(Stored items from a collection)
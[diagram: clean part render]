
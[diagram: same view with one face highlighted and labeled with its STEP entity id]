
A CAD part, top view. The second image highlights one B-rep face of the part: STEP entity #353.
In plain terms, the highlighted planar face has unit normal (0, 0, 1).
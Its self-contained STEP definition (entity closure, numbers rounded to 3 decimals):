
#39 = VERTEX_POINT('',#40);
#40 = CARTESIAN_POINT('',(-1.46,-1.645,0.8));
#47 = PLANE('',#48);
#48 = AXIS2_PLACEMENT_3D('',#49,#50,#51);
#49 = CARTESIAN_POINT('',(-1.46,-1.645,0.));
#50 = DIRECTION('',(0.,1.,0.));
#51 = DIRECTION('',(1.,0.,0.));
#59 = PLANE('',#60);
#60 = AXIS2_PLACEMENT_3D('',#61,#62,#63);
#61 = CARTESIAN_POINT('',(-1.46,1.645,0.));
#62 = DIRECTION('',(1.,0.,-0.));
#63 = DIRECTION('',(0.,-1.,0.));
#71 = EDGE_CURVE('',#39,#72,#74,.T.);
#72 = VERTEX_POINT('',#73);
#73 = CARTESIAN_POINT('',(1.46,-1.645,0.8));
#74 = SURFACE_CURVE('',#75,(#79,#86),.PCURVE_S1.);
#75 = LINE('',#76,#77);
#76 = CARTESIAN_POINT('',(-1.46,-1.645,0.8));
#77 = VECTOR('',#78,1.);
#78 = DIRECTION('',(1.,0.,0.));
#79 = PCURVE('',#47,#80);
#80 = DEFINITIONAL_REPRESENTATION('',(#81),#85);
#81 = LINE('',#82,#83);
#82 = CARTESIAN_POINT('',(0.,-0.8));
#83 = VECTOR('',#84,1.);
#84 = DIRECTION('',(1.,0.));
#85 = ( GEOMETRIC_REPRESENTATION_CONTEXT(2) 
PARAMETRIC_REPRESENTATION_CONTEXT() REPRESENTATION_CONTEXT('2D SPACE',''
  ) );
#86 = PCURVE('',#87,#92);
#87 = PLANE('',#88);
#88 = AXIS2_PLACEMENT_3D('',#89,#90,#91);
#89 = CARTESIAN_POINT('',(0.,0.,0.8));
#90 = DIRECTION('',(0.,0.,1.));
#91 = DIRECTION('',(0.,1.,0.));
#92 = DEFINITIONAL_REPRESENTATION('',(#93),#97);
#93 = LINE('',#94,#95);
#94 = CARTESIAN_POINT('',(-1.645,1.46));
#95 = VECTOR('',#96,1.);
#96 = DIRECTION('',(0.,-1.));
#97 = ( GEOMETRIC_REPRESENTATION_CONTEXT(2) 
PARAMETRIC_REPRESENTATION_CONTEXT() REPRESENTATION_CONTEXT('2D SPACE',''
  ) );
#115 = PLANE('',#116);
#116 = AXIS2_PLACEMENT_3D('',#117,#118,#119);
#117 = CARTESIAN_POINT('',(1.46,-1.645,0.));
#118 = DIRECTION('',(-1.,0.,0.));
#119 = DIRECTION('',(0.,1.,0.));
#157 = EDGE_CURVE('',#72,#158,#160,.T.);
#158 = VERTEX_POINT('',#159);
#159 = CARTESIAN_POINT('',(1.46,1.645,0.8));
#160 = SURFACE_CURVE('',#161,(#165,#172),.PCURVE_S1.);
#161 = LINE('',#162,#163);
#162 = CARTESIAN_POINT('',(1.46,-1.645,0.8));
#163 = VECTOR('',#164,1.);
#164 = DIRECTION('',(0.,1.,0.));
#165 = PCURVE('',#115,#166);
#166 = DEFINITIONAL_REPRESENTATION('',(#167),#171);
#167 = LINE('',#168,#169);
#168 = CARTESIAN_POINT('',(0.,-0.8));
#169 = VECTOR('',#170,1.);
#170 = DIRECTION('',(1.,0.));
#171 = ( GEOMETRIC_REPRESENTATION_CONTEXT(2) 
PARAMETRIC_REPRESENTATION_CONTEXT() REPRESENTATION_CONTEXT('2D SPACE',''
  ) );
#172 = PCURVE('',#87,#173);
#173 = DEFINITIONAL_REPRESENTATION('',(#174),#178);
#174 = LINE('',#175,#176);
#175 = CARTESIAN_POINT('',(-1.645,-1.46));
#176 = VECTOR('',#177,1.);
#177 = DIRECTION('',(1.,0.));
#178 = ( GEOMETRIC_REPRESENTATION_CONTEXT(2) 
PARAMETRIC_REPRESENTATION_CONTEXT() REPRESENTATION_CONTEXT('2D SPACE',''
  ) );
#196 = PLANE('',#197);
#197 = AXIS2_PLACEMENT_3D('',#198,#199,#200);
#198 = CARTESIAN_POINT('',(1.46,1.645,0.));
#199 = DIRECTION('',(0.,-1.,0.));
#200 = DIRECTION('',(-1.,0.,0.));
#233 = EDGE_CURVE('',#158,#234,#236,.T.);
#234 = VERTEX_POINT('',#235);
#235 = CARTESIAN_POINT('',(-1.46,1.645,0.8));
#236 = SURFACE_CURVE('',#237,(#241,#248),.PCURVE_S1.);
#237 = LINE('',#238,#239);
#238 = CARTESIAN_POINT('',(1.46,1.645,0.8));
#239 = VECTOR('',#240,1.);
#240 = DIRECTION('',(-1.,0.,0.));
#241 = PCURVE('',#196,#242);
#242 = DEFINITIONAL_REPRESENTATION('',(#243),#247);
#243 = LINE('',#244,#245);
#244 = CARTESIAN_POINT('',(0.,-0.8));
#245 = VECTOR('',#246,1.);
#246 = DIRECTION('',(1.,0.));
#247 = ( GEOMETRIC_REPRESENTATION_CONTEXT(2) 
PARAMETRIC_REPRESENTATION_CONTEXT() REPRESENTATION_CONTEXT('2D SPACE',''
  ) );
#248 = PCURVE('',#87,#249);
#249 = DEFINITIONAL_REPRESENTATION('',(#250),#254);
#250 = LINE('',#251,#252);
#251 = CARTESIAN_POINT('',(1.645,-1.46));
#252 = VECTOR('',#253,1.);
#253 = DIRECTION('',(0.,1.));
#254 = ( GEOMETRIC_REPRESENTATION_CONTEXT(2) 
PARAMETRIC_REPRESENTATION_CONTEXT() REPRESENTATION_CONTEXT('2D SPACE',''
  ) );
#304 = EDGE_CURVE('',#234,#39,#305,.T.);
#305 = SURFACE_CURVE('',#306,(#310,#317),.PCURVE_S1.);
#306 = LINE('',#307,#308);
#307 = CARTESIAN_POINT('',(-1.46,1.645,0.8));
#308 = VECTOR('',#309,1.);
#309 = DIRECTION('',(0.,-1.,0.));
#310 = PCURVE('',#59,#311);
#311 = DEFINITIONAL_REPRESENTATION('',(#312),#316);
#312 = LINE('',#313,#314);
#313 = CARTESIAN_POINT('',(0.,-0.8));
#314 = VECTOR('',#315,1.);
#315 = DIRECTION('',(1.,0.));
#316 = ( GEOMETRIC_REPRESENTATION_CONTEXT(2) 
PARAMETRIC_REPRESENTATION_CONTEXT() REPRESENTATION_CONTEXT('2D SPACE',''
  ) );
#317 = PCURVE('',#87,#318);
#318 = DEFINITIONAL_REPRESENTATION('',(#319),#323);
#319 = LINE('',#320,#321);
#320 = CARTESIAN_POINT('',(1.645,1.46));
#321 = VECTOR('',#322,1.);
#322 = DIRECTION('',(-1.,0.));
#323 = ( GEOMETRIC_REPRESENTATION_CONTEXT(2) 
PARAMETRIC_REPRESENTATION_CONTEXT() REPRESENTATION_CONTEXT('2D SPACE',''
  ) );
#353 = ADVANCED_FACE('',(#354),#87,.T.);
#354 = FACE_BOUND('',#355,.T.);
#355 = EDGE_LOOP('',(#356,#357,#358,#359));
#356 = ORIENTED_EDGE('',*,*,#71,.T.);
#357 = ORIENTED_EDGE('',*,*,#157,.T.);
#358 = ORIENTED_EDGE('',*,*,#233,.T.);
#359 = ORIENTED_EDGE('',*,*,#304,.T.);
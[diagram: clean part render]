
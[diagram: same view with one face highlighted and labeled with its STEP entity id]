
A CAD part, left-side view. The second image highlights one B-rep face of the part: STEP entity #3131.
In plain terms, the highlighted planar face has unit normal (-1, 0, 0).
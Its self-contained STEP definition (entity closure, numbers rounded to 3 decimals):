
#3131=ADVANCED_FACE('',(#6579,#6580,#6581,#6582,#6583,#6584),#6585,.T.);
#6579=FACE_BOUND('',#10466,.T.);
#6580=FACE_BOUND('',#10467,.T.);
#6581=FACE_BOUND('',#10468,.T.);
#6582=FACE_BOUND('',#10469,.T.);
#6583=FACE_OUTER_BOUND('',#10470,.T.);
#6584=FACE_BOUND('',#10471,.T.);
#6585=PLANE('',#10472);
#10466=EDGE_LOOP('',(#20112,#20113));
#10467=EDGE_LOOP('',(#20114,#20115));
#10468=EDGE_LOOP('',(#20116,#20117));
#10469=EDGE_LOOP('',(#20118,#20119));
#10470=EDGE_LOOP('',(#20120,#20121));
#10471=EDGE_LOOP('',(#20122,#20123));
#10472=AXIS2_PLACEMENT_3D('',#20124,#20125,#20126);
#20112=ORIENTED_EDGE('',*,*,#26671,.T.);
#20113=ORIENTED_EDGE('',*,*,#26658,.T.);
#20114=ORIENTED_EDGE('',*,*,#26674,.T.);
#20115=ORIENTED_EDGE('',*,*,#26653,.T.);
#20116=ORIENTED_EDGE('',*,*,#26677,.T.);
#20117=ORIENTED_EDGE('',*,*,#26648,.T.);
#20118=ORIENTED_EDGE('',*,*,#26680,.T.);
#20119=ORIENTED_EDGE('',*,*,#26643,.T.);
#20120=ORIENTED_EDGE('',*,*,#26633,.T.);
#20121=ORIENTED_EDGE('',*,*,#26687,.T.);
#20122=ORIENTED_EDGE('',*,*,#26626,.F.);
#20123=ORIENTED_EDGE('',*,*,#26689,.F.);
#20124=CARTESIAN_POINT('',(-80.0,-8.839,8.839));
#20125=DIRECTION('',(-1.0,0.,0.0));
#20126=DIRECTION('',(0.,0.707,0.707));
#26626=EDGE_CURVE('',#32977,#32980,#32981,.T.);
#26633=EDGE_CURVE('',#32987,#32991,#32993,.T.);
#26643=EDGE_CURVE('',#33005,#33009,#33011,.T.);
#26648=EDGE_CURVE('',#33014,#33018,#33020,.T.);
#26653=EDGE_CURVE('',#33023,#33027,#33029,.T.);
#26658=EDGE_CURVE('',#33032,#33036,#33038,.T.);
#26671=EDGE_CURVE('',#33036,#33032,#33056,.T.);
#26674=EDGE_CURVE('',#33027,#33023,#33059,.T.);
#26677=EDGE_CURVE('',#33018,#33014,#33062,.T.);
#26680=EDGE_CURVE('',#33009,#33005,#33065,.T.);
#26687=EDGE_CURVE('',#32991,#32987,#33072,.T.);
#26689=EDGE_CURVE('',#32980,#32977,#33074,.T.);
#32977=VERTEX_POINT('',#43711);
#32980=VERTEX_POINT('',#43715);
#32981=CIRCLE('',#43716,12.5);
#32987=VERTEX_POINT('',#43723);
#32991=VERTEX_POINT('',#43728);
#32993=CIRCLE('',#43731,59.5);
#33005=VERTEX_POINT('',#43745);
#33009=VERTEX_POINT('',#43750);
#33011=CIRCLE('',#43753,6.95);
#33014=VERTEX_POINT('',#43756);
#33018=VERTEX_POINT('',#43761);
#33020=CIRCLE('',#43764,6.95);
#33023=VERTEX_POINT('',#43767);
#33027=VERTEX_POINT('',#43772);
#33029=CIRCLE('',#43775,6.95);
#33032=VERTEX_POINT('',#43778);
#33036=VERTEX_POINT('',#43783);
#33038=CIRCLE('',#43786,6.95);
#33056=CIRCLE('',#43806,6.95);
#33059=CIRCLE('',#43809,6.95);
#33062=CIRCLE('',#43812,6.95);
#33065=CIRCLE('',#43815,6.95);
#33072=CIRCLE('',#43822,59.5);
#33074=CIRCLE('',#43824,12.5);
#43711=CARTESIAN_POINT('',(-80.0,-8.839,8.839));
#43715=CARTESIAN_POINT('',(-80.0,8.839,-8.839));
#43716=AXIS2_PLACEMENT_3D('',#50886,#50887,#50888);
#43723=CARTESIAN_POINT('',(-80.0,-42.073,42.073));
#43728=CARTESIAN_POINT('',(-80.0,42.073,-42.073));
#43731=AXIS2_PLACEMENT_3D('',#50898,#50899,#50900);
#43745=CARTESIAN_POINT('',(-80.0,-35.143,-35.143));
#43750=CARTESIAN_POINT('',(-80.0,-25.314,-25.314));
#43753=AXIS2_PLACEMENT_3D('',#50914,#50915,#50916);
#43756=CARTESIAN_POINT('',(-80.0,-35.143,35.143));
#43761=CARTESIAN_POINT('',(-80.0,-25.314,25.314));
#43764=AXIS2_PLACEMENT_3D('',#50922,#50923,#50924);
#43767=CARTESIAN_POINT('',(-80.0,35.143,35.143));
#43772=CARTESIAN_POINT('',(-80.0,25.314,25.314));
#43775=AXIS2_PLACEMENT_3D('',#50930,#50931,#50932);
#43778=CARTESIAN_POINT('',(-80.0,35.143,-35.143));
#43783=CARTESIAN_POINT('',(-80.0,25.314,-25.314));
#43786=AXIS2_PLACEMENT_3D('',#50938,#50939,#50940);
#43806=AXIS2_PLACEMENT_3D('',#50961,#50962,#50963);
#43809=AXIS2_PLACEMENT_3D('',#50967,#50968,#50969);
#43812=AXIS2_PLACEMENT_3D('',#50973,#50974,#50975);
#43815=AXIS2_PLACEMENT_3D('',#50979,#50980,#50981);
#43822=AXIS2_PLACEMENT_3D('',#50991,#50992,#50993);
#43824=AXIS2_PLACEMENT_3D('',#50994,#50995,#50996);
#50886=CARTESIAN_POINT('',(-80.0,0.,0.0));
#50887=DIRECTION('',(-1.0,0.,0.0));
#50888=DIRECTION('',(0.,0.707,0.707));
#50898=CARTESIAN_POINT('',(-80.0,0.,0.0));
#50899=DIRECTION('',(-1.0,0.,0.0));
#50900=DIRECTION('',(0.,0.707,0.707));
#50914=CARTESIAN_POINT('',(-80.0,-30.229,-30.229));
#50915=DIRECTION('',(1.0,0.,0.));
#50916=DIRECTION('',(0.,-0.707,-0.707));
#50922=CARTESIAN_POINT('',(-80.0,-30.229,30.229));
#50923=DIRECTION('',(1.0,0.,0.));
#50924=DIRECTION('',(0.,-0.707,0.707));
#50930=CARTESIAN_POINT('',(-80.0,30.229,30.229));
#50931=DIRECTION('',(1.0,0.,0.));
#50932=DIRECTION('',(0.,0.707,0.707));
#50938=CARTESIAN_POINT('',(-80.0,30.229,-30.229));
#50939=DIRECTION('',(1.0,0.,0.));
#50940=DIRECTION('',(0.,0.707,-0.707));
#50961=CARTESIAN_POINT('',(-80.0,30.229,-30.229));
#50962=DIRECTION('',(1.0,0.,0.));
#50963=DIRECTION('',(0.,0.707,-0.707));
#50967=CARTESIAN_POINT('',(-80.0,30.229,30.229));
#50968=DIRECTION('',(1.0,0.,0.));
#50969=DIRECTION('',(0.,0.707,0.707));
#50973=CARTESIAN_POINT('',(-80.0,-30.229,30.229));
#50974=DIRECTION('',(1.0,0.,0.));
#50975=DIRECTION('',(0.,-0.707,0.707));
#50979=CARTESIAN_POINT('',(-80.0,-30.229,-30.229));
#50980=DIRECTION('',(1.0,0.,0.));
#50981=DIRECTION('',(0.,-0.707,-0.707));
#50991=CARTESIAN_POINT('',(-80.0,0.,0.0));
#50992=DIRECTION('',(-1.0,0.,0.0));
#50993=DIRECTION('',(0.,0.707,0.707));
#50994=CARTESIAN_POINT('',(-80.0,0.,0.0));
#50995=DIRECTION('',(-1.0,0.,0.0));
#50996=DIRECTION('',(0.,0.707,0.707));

■ Task instructions ■
Print the first line of the records above and each line after it, exactly, through the line with "#47 = PLANE('',#48);".

■ Task answer ■
[diagram: clean part render]
[diagram: same view with one face highlighted and labeled with its STEP entity id]
A CAD part, top view. The second image highlights one B-rep face of the part: STEP entity #353.
In plain terms, the highlighted planar face has unit normal (0, 0, 1).
Its self-contained STEP definition (entity closure, numbers rounded to 3 decimals):
#39 = VERTEX_POINT('',#40);
#40 = CARTESIAN_POINT('',(-1.46,-1.645,0.8));
#47 = PLANE('',#48);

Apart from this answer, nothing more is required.